- What the task asks
Check each line of the listing for the word "take" and give only the number of lines that have it.

Source material START

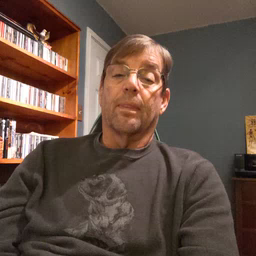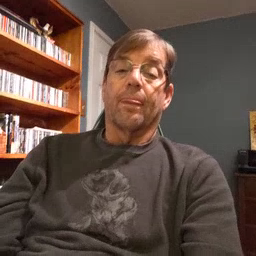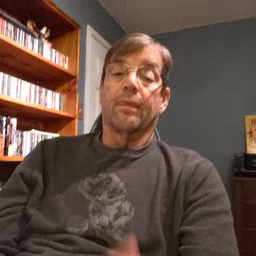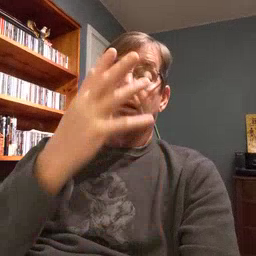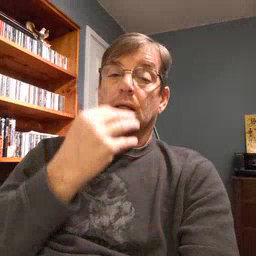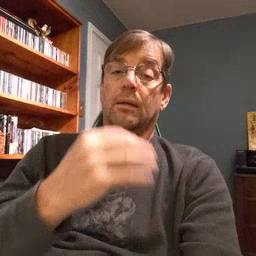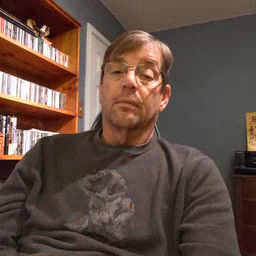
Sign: sleep
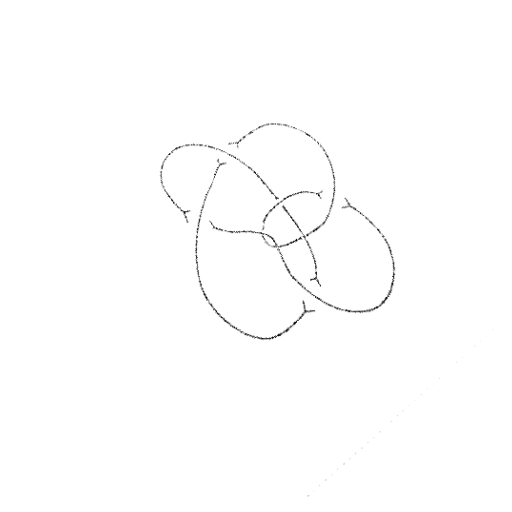
Crossing number: 8
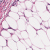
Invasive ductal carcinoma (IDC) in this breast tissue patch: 1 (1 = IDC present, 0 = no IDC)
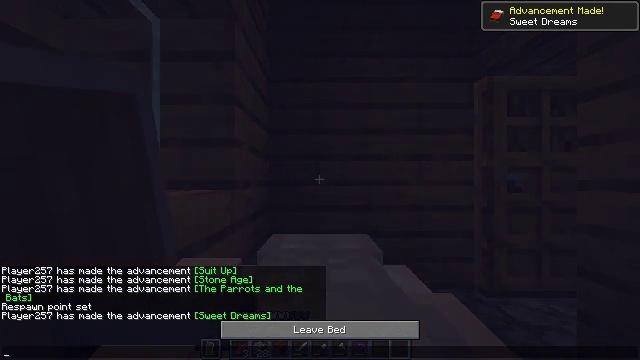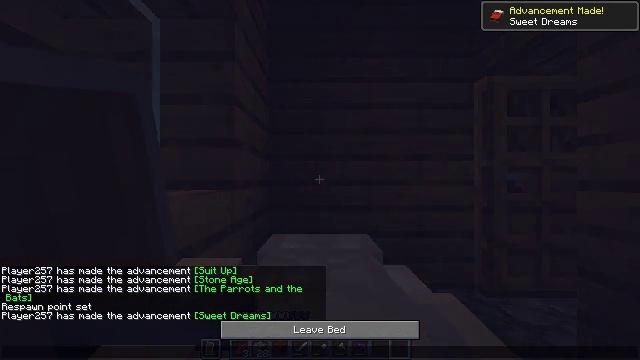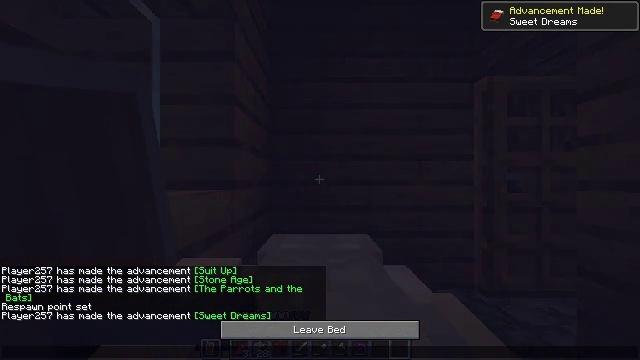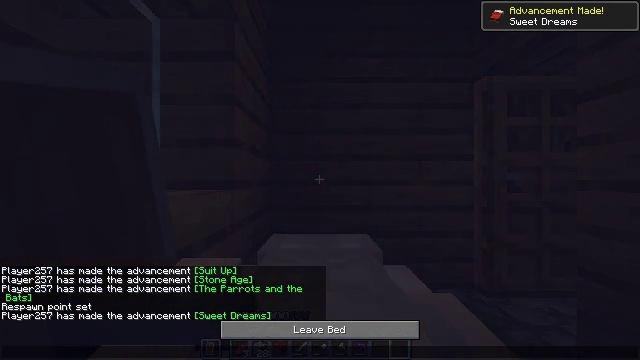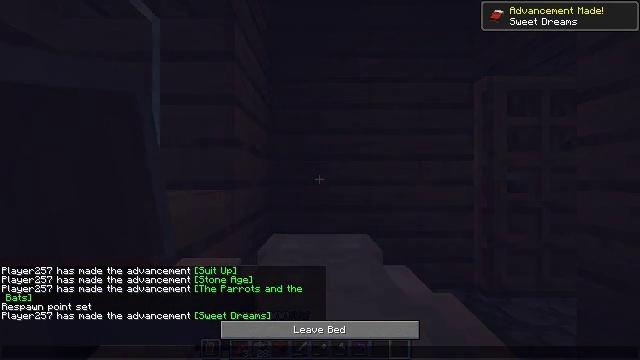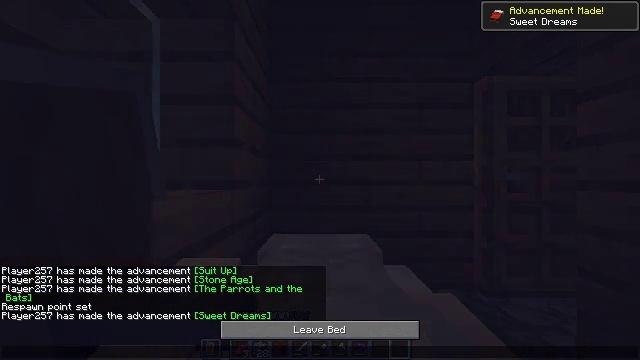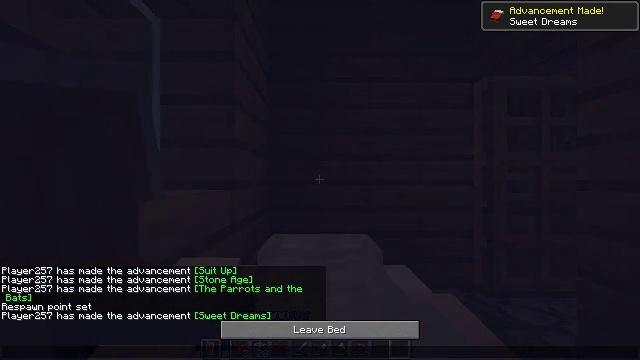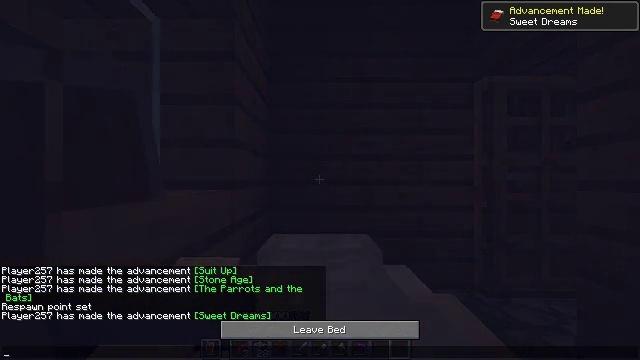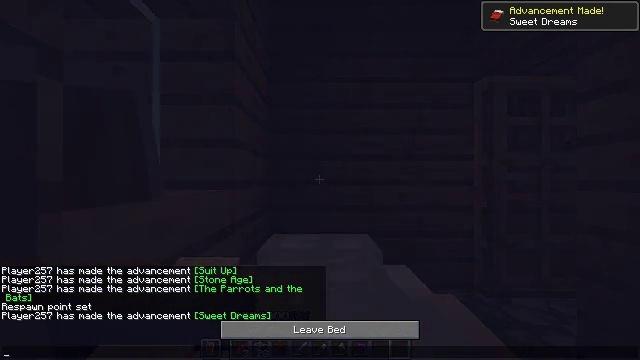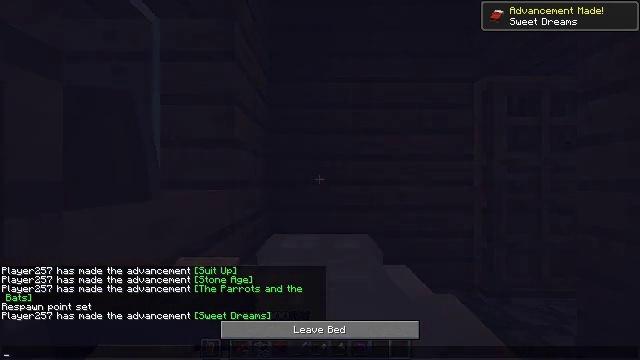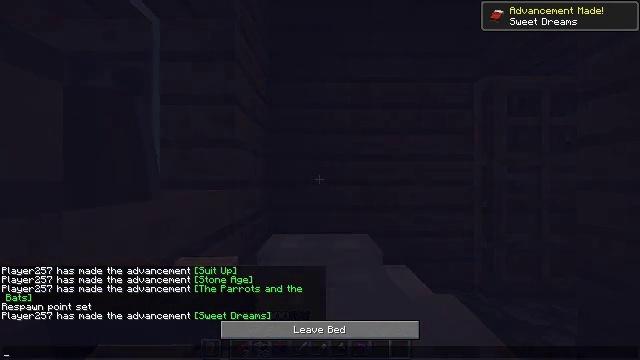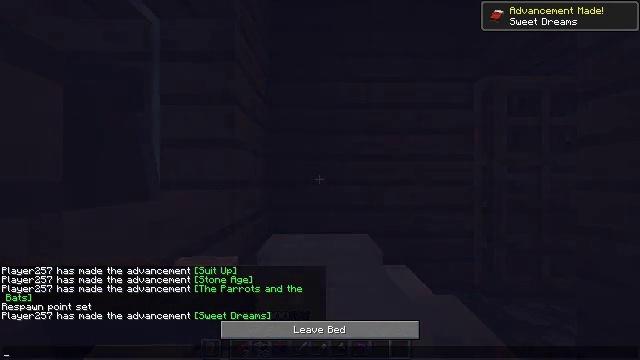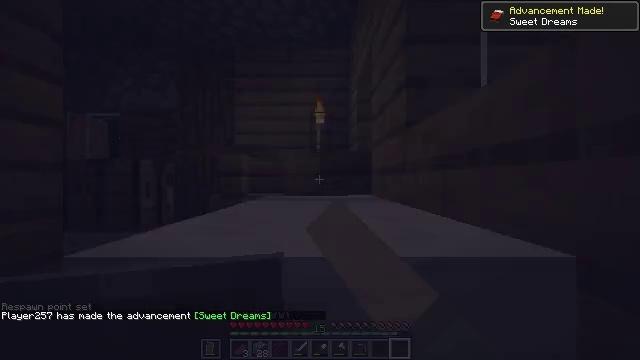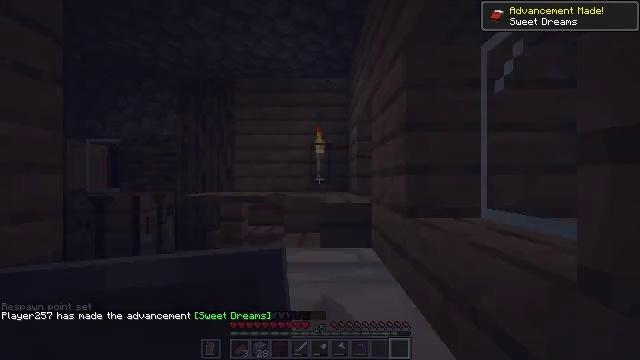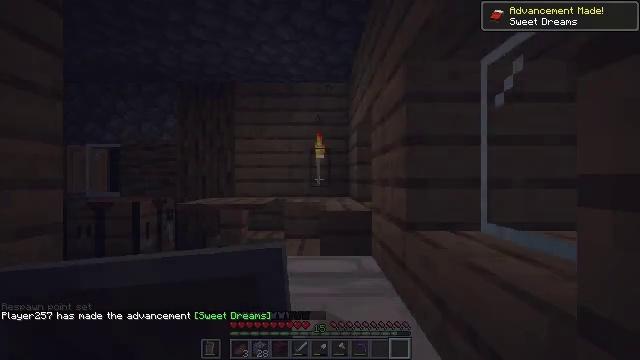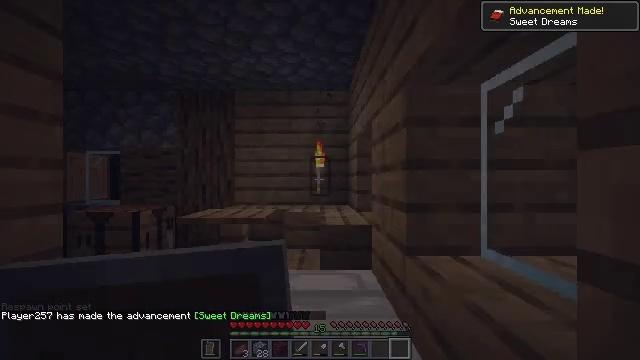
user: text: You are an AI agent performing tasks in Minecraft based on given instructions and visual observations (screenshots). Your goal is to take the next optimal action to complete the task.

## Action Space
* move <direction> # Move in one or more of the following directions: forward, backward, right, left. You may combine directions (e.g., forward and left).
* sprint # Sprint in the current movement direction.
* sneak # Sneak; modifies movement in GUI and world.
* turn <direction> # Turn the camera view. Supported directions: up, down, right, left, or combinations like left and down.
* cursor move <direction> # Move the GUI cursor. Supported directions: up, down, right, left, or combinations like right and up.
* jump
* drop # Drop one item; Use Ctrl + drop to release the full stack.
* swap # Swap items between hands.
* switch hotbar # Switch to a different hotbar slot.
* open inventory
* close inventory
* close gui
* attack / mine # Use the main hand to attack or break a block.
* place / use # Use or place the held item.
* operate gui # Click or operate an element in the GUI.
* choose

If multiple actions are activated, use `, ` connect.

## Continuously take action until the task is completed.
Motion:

Source material END

- Solution
2